This indexed annuity (also called an equity-indexed annuity, fixed-index annuity or hybrid annuity) will likely be packaged around two main components:

1. Principle protection with upside potential from their attractive index choices

2. Guaranteed income (at an additional cost) with the GMWB rider

Here is the example straight from Pacific Life's marketing materialpacific_index_choice_sales_pitch

 I find this example misleading for potential buyers. Yes the first year return can be 4.65% however the 2% credit enhancement is a one time event. I feel like aggressive sales people will over promise returns using this yield figure of 4.65%. It is important to know that this isn't what you should expect over the life of this annuity. The truth is that whatever index crediting option you choose, your long term expectations should be for a yield of 2-3% and nothing more.

Please do not trust anyone that promises anything above 2-3% for this product. It is just not going to happen. Trust your instincts and run if any agent is selling you the dream of 5-6%+ returns or more.
Let's dig into this annuity so you have a better understanding of the nuts and bolts...

Interest Crediting Options

It is important to understand that you are not investing in the underlying securities of any index. With index annuities, you are not making investment choices like a variable annuity. Your interest crediting options are mathematical formulas that the insurance company is using to attract you into buying xyz annuity. The insurance company invests your money in whatever they choose (likely diversified, conservative investments). They have to earn a return higher than their mathematical formula (or interest crediting option) so they can pay you, their sales force, marketing, operations, etc. This is why index annuities will only generate low single digit returns.

For the Pacific Choice Annuity, you may select from either the fixed account or 2 indices (S&P 500 or MSCI ACWI). To make it a more complex, you have three different crediting methods: 1-year point-to-point, 2-year point-to-point and declared index interest options. The cap rates are different depending on whether you choose a 6, 8 or 10 year guarantee period and also on how much you invest. Click here for the current rates as of April 1, 2014. So let's dig a bit deeper into your choices.

As of April 1, 2014, the Fixed interest allocation is currently paying 1.30%. I'm not sure why anyone would want this option. You can buy a 5-year Treasury Note and earn 1.63%. You can beat the fixed account on your own.

So onto the Indexed interest options. Many salespeople may sell you on high returns but none of these options will deliver more than 3% returns. If someone is promising higher returns then you need to find a more honest agent. Whatever option and crediting method you choose, you will likely make around 1-3% over the long term. I will illustrate this for you.

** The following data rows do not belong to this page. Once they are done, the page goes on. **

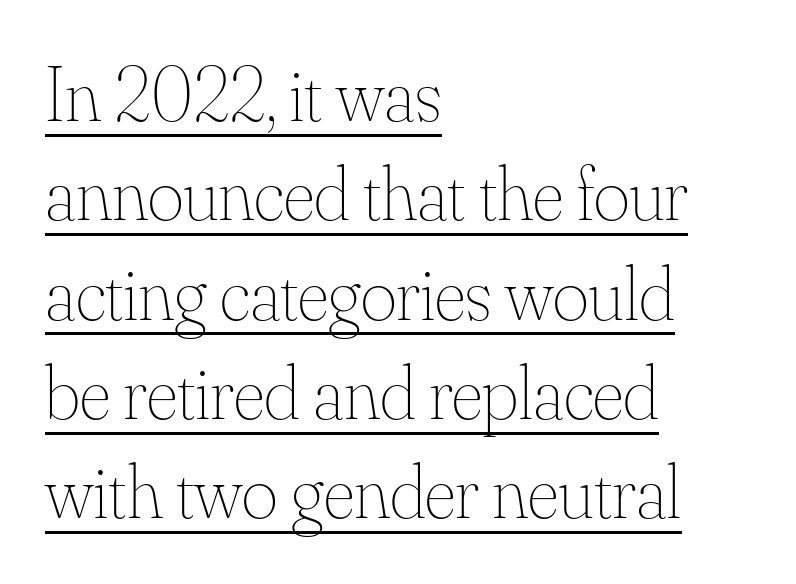
Q: Is the text bold? A: No.
Q: Is the text italic (slanted)? A: No, it is upright.
Q: Is the text underlined? A: Yes.
Q: How is the paragraph aligned? A: Left-aligned.
Q: Is the spacing between letters normal or unusually wide? A: Normal.
Q: Is the spacing between lines tight, normal or loose? A: Normal.
Q: Width (condensed, normal, or wide)? A: Normal.
Q: Stroke contrast? A: Medium.
Q: x-height? A: Small.
Q: Monospaced? A: No.
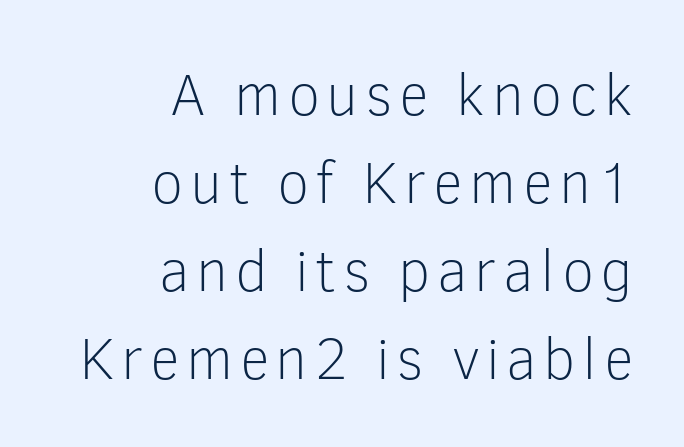
The image shows 59 px light sans-serif type, upright; set right-aligned, normal line spacing (1.49x), not underlined; low stroke contrast and a medium x-height.
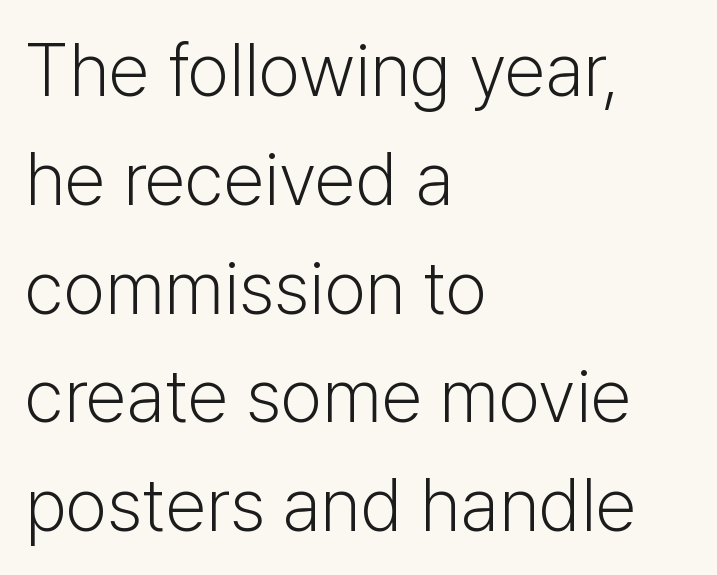
On a weight scale, this lands at 450 or below. Italic: no, the glyphs are upright roman. Lines of text with bare space underneath. If you measured baseline to baseline, you'd find a middling distance.
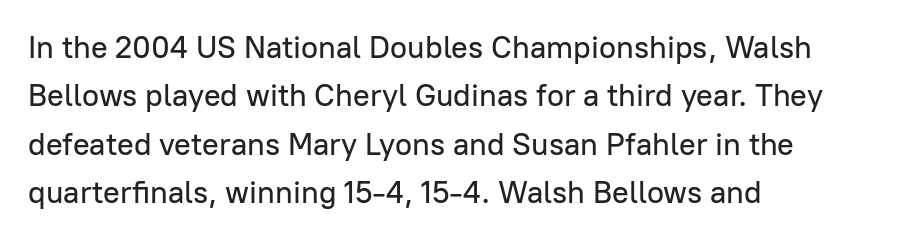
{"serif": "no", "italic": "no", "width": "normal", "stroke_contrast": "low", "x_height": "medium", "monospaced": "no", "underline": "no", "align": "left", "line_spacing": "normal", "line_spacing_ratio": 1.56, "letter_spacing": "normal", "letter_spacing_em": 0.0, "glyph_px": 31}
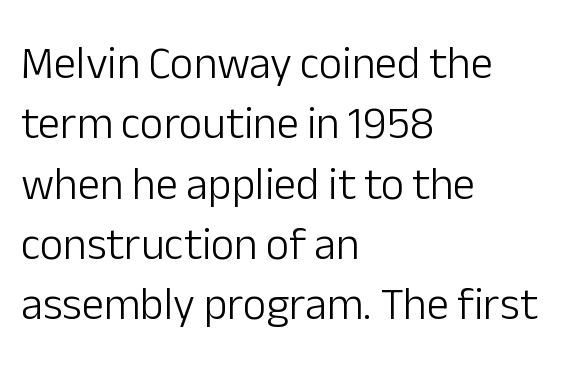
{"serif": "no", "italic": "no", "bold": "no", "weight": "light", "width": "normal", "stroke_contrast": "low", "x_height": "medium", "monospaced": "no", "underline": "no", "align": "left", "line_spacing": "normal", "line_spacing_ratio": 1.34, "letter_spacing": "normal", "letter_spacing_em": 0.0, "glyph_px": 45}
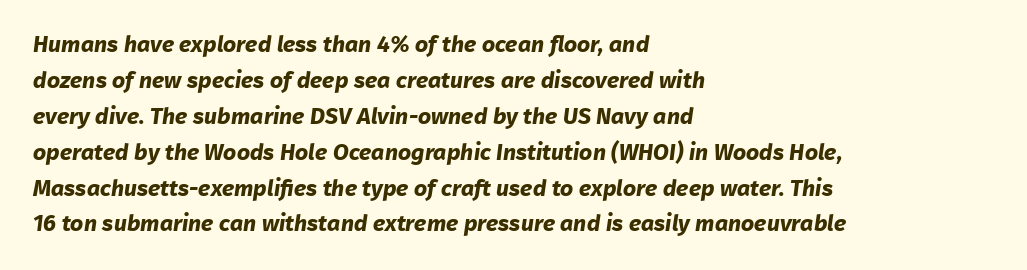
The image shows 23 px bold type; set left-aligned, normal line spacing (1.56x), normal letter spacing, not underlined.
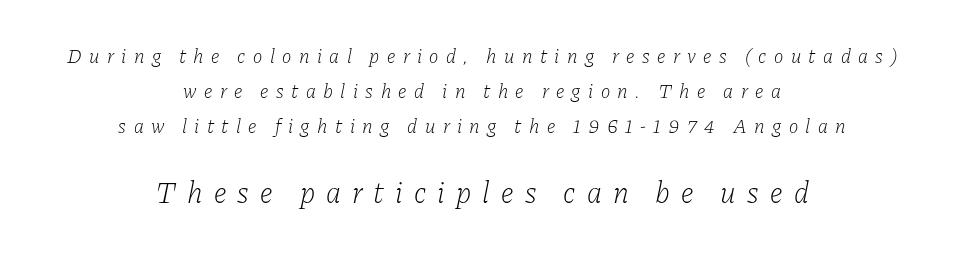
{"serif": "yes", "italic": "yes", "lean": "right", "slant_degrees": 11, "bold": "no", "weight": "light", "width": "normal", "stroke_contrast": "low", "x_height": "medium", "monospaced": "no", "underline": "no", "align": "center", "line_spacing_ratio": 1.75, "letter_spacing": "wide", "letter_spacing_em": 0.37, "larger_block": "second", "size_ratio": 1.5, "glyph_px": 30}
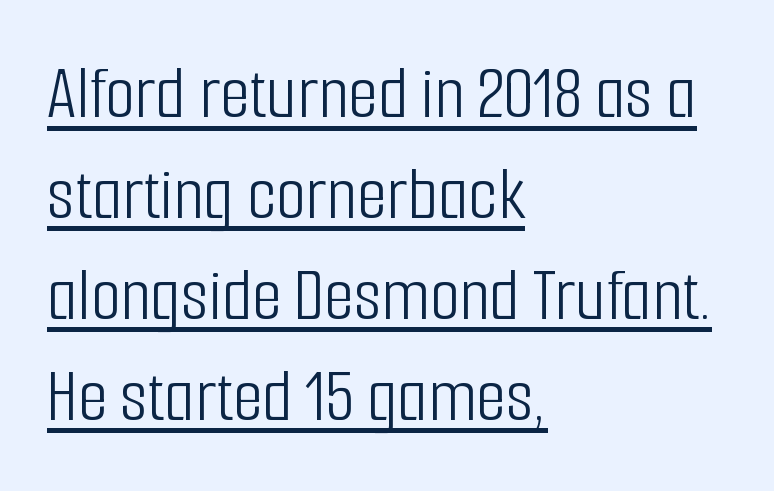
Alignment: flush left. Notice how the stems are strictly vertical — no italics here. Short note: letters normally spaced. Each letter keeps its own natural width here, so spacing adapts to shape. This is sans-serif lettering, the kind often seen on screens and signage.
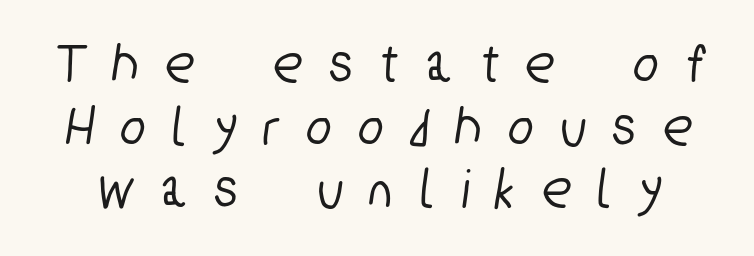
The passage shown is typed in a proportional face where columns would drift. Does the type have serifs? No, each stem ends abruptly. The leading is snug, giving the passage a crowded texture. This rendering features lettering with no underline. The gaps between neighbouring characters are conspicuously large.
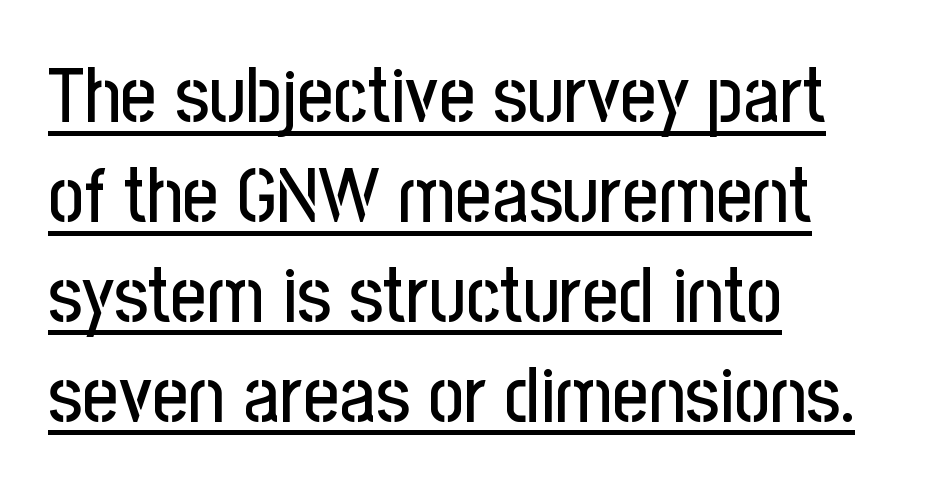
Q: Is the text italic (slanted)? A: No, it is upright.
Q: Is the typeface a serif or a sans-serif typeface? A: Sans-serif.
Q: Is the text underlined? A: Yes.
Q: How is the paragraph aligned? A: Left-aligned.
Q: Is the spacing between letters normal or unusually wide? A: Normal.
Q: Is the spacing between lines tight, normal or loose? A: Normal.
Q: Width (condensed, normal, or wide)? A: Condensed.
Q: Stroke contrast? A: Low.
Q: x-height? A: Medium.
Q: Monospaced? A: No.

For this illustration, I am using the most generous current cap rates that you can earn as of April 1st. This means I am using a 10 year initial guarantee period and assuming that the investment is over $100,000. If you choose a shorter guarantee period (and shorter surrender period) and/or invest less than $100,000, then your returns would be reduced further. So here are the results using the different interest crediting options.

pacific_life_pacific_index_choice_annuity_historical_returns

As you can see, if you chose the S&P 500 index, then your annual returns varied from 1.9-2.9% over the last 20 years. I didn't bother with the MSCI ACWI because it underperformed the S&P in just about every time period that I could think of. If you are satisfied with these types of returns then it is fine. I just don't want you to expect more because you will surely be disappointed.

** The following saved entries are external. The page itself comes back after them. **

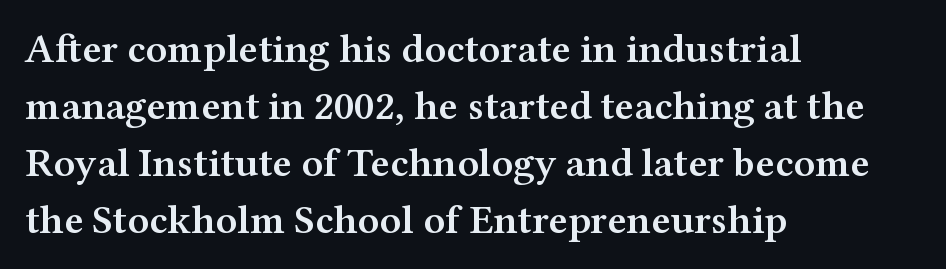
Q: Is the text bold? A: Semi-bold.
Q: Is the text italic (slanted)? A: No, it is upright.
Q: Is the typeface a serif or a sans-serif typeface? A: Serif.
Q: Is the text underlined? A: No.
Q: How is the paragraph aligned? A: Left-aligned.
Q: Is the spacing between letters normal or unusually wide? A: Normal.
Q: Is the spacing between lines tight, normal or loose? A: Normal.
Q: Width (condensed, normal, or wide)? A: Wide.
Q: Stroke contrast? A: Medium.
Q: x-height? A: Medium.
Q: Monospaced? A: No.
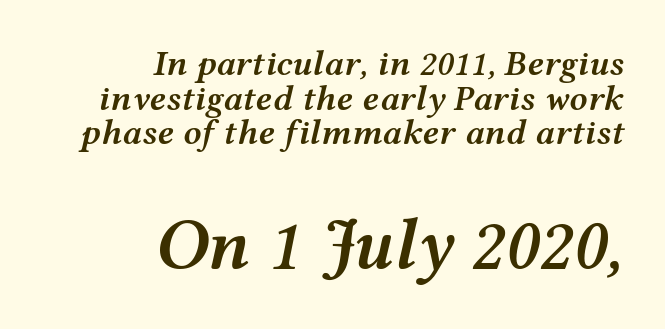
No word sits above an underline. Look at the tracking — it's just the regular setting, nothing added. Notice how descenders almost collide with the ascenders below — that's tight leading. Semibold letterforms, between regular and bold. Which chunk is bigger? The second one — the bottom block dwarfs the top. The typography opts for an oblique posture over an upright one.
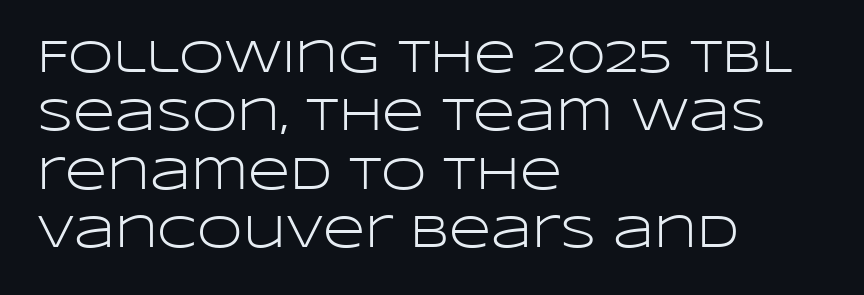
{"serif": "no", "italic": "no", "bold": "no", "weight": "light", "width": "wide", "stroke_contrast": "low", "x_height": "large", "monospaced": "no", "underline": "no", "align": "left", "line_spacing": "normal", "line_spacing_ratio": 1.27, "letter_spacing": "normal", "letter_spacing_em": 0.0, "glyph_px": 46}
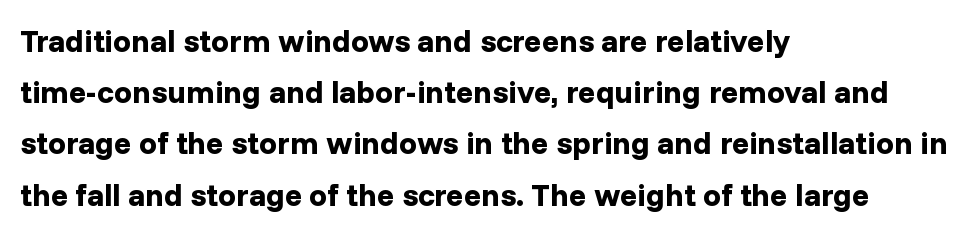
{"serif": "no", "italic": "no", "bold": "yes", "weight": "bold", "width": "normal", "stroke_contrast": "low", "x_height": "medium", "monospaced": "no", "underline": "no", "align": "left", "line_spacing": "normal", "line_spacing_ratio": 1.6, "letter_spacing": "normal", "letter_spacing_em": 0.0, "glyph_px": 32}
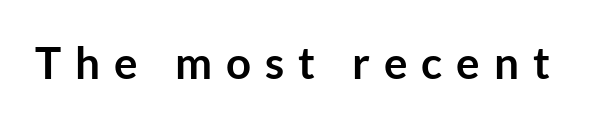
{"serif": "no", "italic": "no", "bold": "yes", "weight": "semibold", "width": "normal", "stroke_contrast": "low", "x_height": "medium", "monospaced": "no", "underline": "no", "letter_spacing": "wide", "letter_spacing_em": 0.32, "glyph_px": 44}
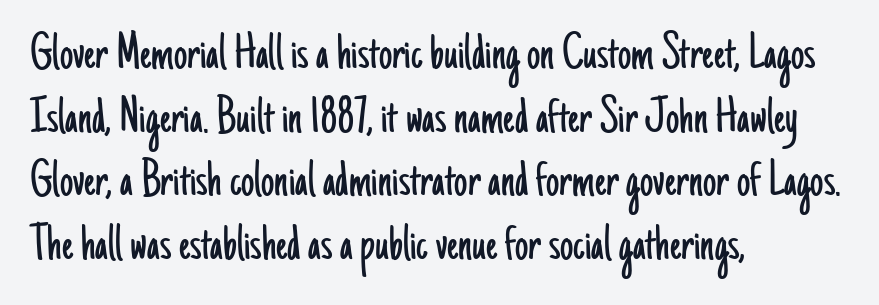
The image shows 53 px light, condensed sans-serif type, upright; set left-aligned, line spacing 1.2x, normal letter spacing, not underlined; low stroke contrast and a small x-height.
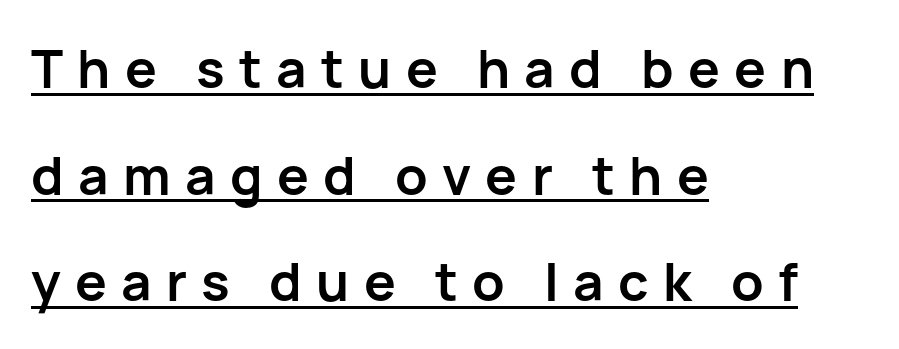
Q: Is the text bold? A: Yes.
Q: Is the text italic (slanted)? A: No, it is upright.
Q: Is the typeface a serif or a sans-serif typeface? A: Sans-serif.
Q: Is the text underlined? A: Yes.
Q: How is the paragraph aligned? A: Left-aligned.
Q: Is the spacing between letters normal or unusually wide? A: Unusually wide.
Q: Is the spacing between lines tight, normal or loose? A: Loose.
Q: Width (condensed, normal, or wide)? A: Normal.
Q: Stroke contrast? A: Low.
Q: x-height? A: Medium.
Q: Monospaced? A: No.
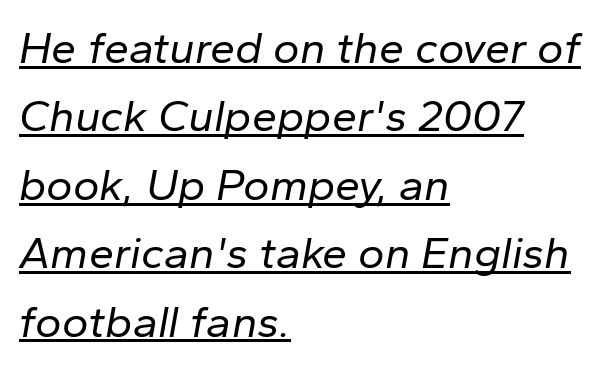
The image shows 45 px regular-weight type, italic (leaning right); set left-aligned, normal line spacing (1.52x), normal letter spacing, underlined; low stroke contrast and a medium x-height.

If you have additional questions about this section, please submit a question using our secure form. We will answer your questions within 24 hours via email. No strings attached, just a little free help to point you in the right direction.

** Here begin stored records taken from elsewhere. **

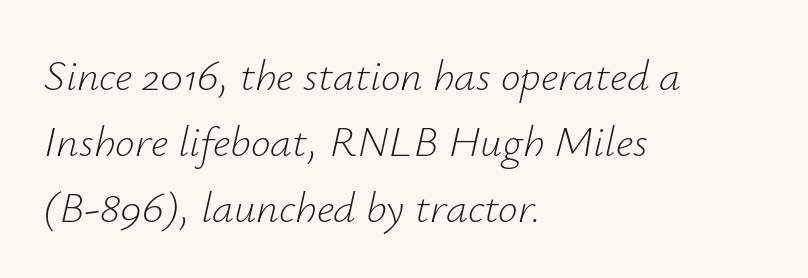
A bare baseline throughout the passage. These lines are rendered in a variable-pitch font. The characters are drawn with everyday or finer stroke widths. The passage is arranged the way most books set body copy — flush left. Leading: standard. The lettering tilts uniformly, giving the passage an italic look.
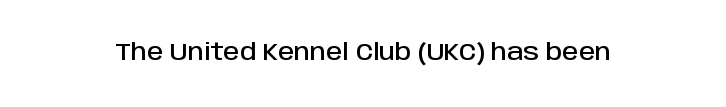
The image shows 23 px text type, upright; set normal letter spacing, not underlined.
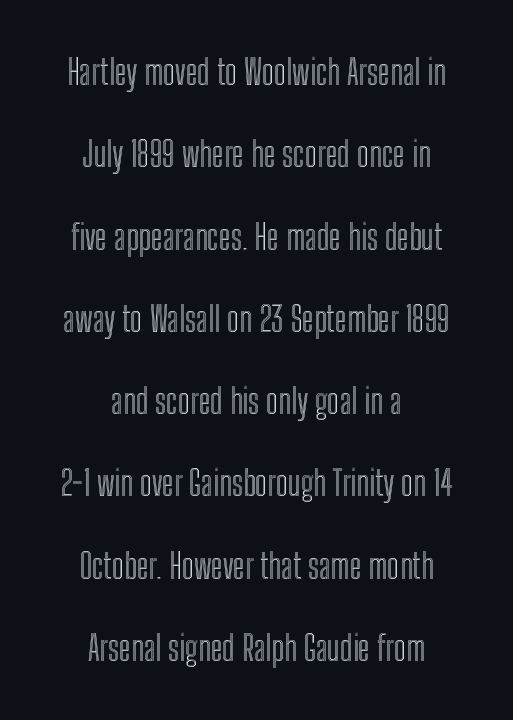
{"italic": "no", "width": "condensed", "x_height": "medium", "monospaced": "no", "underline": "no", "align": "center", "line_spacing": "loose", "line_spacing_ratio": 2.42, "letter_spacing": "normal", "letter_spacing_em": 0.0, "glyph_px": 34}
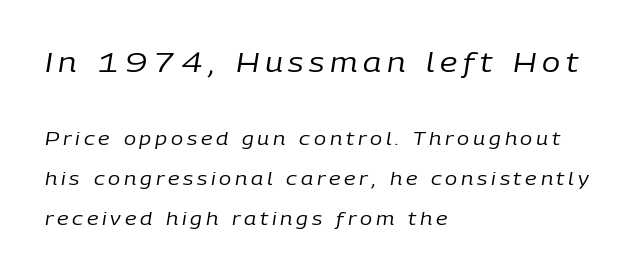
Q: Is the text bold? A: No.
Q: Is the text italic (slanted)? A: Yes, it leans right by about 9 degrees.
Q: Is the text underlined? A: No.
Q: How is the paragraph aligned? A: Left-aligned.
Q: Is the spacing between letters normal or unusually wide? A: Unusually wide.
Q: Is the spacing between lines tight, normal or loose? A: Loose.
Q: Which block of text is set in a larger size, the first (top) or the second (bottom)? A: The first (top) one.

Who should buy this product?

In summary, the Pacific Index Choice Annuity is something to consider for someone that doesn't want to worry about market volatility, won't need access to their money for at least 10 years and is happy with low single digit returns of 1-3%. The annuity can make sense for an extremely conservative investor who is looking for guaranteed income with no market risk. If you are happy with low investment returns and a guaranteed income stream, then this product may be acceptable for you. Be sure to evaluate how it fits into your entire investment strategy and how it will help you reach your financial goals.

One of the most important things for investors is that the roll-up rate is not the actual return and neither is the lifetime withdraw rate the actual return. In no way will any indexed annuity produce 8%+ returns which a lot of uneducated agents will toss around when trying to sell them.

In the end, all of the interest crediting options will pay roughly 2-3% over a full market cycle. If this gets too far out of line, Pacific Life will adjust the caps because they can't afford to pay more. Don't buy into any sales pitch that is promising rates of return of 8% or more. It just isn't possible to generate 8% returns with no downside risk. If anyone promises you even 5%+ returns for this annuity, don't just walk away, run for the door and find a new advisor. For Pacific Life to pay 5% on this annuity, they would have to earn 8-9%+ on their own investment portfolio so they could pay you as well as their salespeople, marketing and overhead, not to mention to earn a profit themselves. Commissions are very lucrative for agents selling this annuity so be sure that you make the right decision for you, not for their benefit.

Thanks for sticking with me on this incredibly long blog post. I learned a lot in my research process and I hope you are able to make a more informed investment decision because of it. Please don’t let your agent pressure you into a sale before you have made an informed decision. Since annuities lock you into a long term contract with stiff surrender fees, please be sure to take your time to make the best possible decision for you and your family.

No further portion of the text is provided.